- Born: 1948 (age 77–78) Brooklyn, New York, U.S.
- Education: Fordham University; Syracuse University (PhD);
- Scientific career
- Workplaces: Fairfield University; Memorial Sloan Kettering Cancer Center; Boston College;
- Thesis: Equivariant Wall Obstruction Theory (1976)
- Doctoral advisor: Douglas R. Anderson

= Jenny Baglivo =

American mathematician, statistician, and author

Jenny Antoinette Baglivo (born 1948) is an American mathematician, statistician, and book author. She is retired as a professor of mathematics at Boston College, where she retains an affiliation as research professor.

==Education and career==
Baglivo is originally from Brooklyn, the daughter of a watch repairer and granddaughter of Italian immigrants. The only one of four siblings to attend college, she majored in mathematics at Fordham University, graduating in 1970. She went to Syracuse University for graduate study, earning a master's degree in mathematics in 1972, a second master's degree in computer and information science in 1976, and a Ph.D. in mathematics in 1976, specializing in algebraic topology.
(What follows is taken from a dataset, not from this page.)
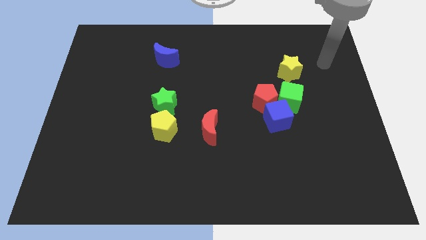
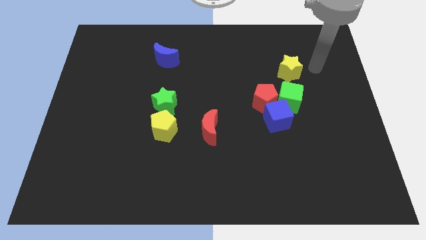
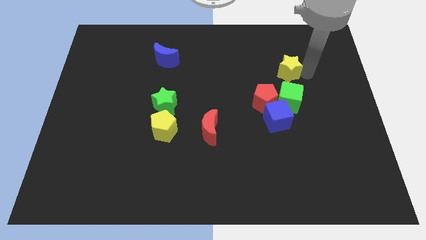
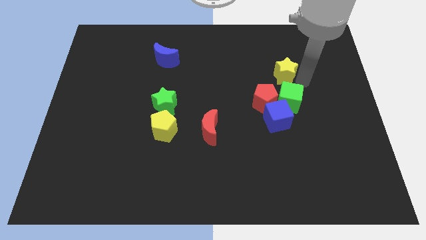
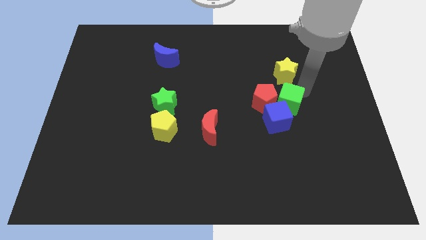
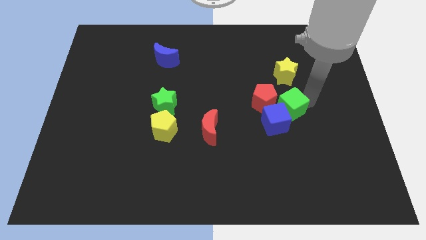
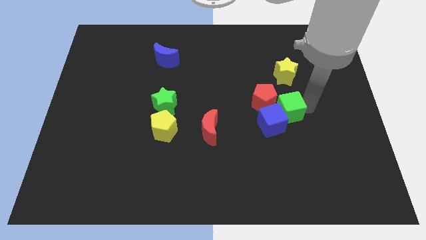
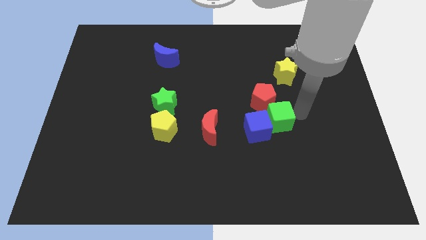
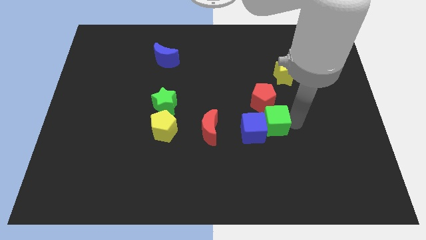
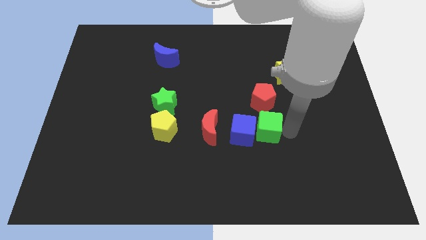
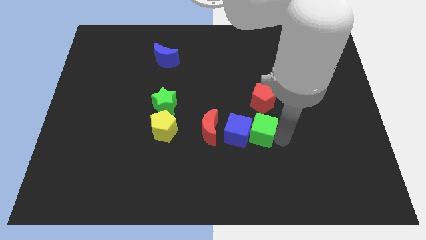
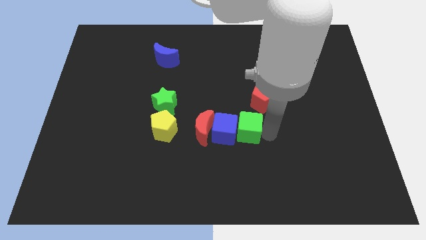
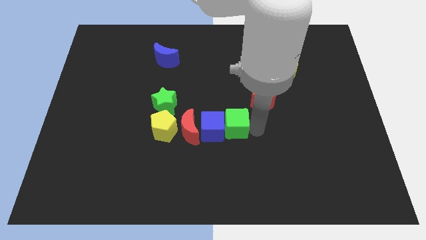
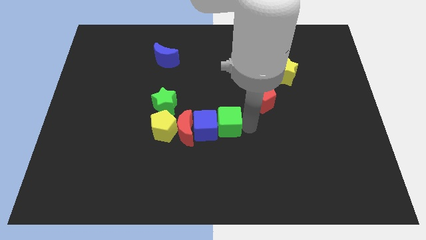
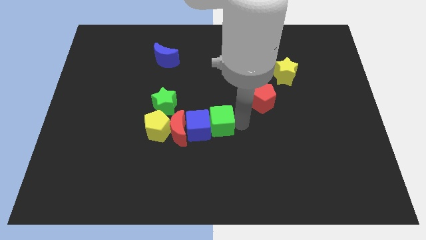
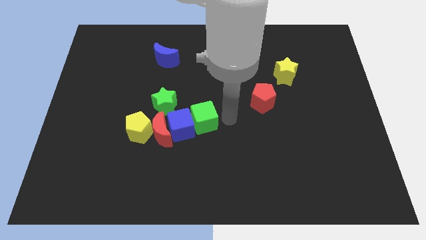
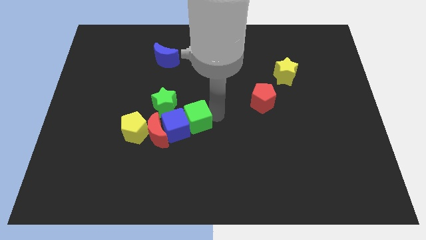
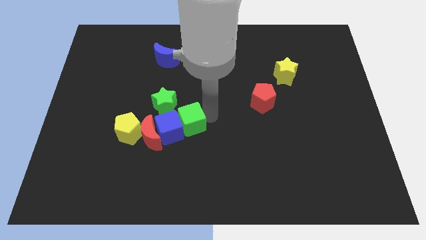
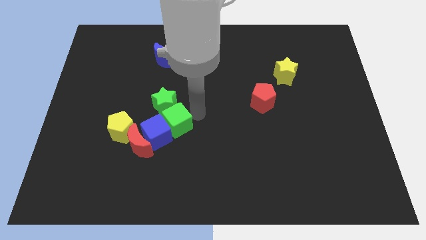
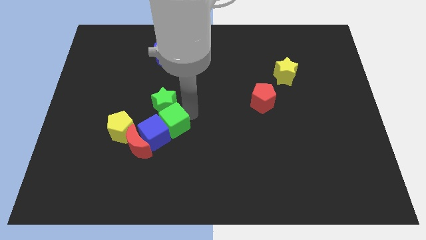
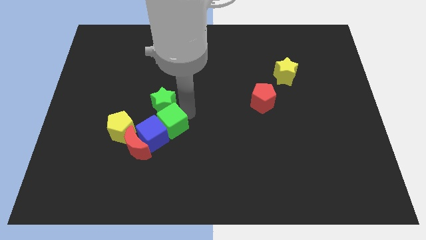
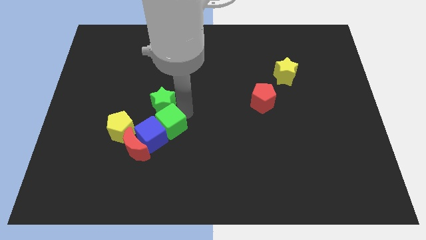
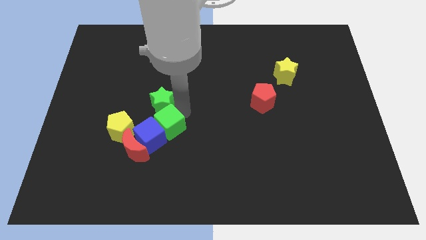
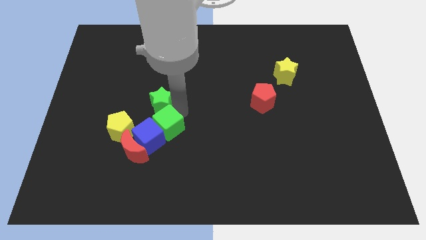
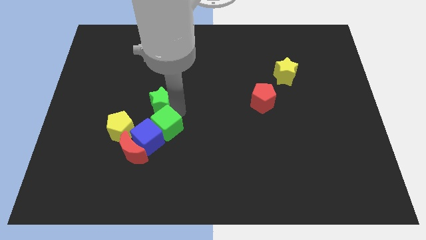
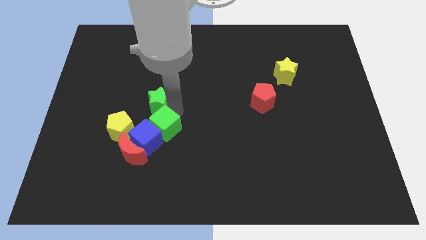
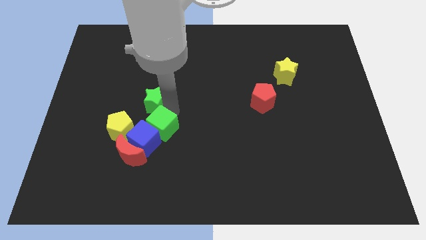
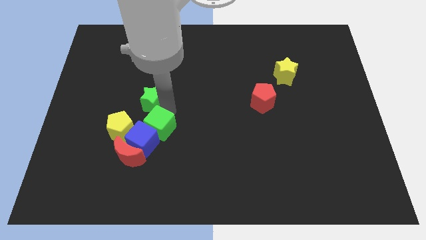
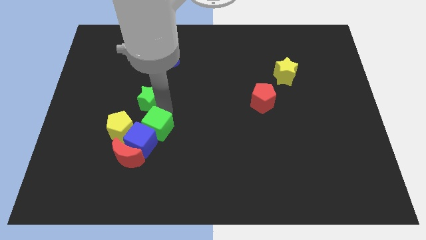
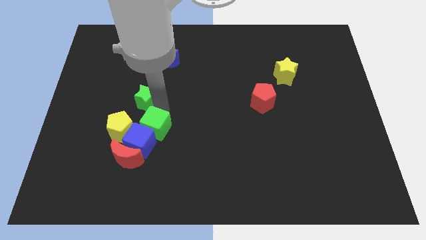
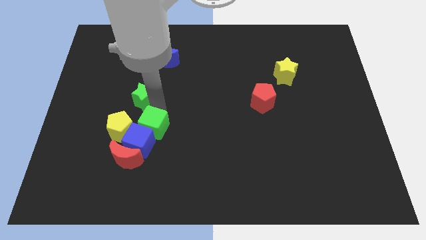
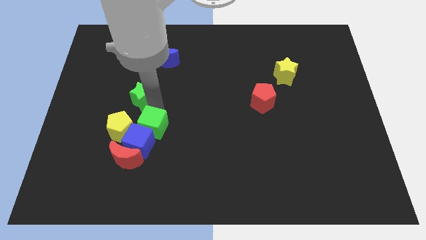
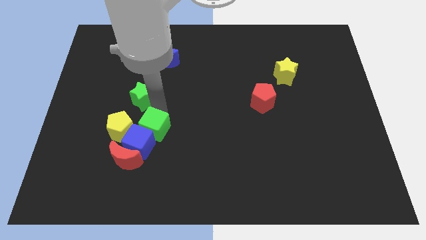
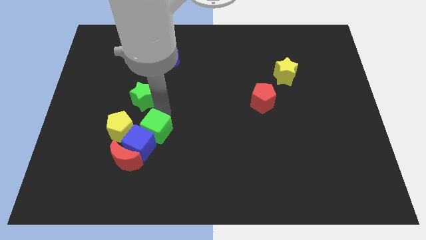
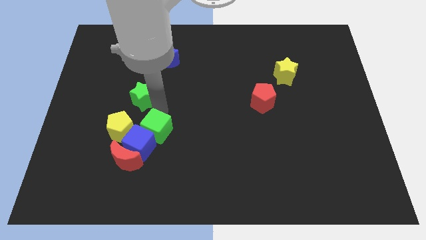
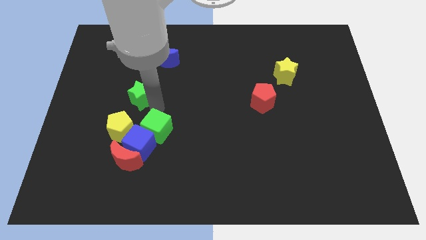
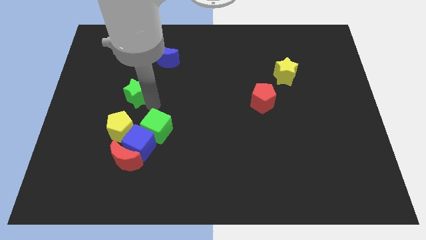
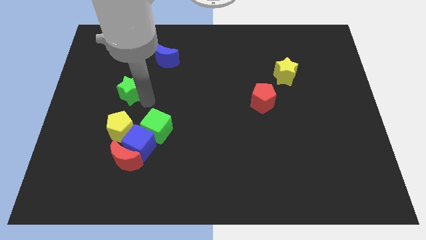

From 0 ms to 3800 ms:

Her dissertation, Equivariant Wall Obstruction Theory, concerned Wall's finiteness obstruction, and was supervised by Douglas R. Anderson.

After completing her doctorate, she became an assistant professor of mathematics at Fairfield University, and was promoted to associate professor in 1981. While continuing to hold an affiliation at Fairfield, she also became a postdoctoral researcher at the Memorial Sloan Kettering Cancer Center from 1980 to 1982. There, she worked as a biostatistician on CT scans of brains. She moved from Fairfield to Boston College in 1986, and was promoted to full professor in 1992.

==Books==
Baglivo's book Incidence and Symmetry in Design and Architecture (Cambridge University Press, 1983, with Jack E. Graver) won an Alpha Sigma Nu Book Award in 1983, and has been recommended for undergraduate mathematics libraries by the Basic Library List Committee of the Mathematical Association of America.

She is also the author of Mathematica Laboratories for Mathematical Statistics: Emphasizing Simulation and Computer Intensive Methods (SIAM, 2005).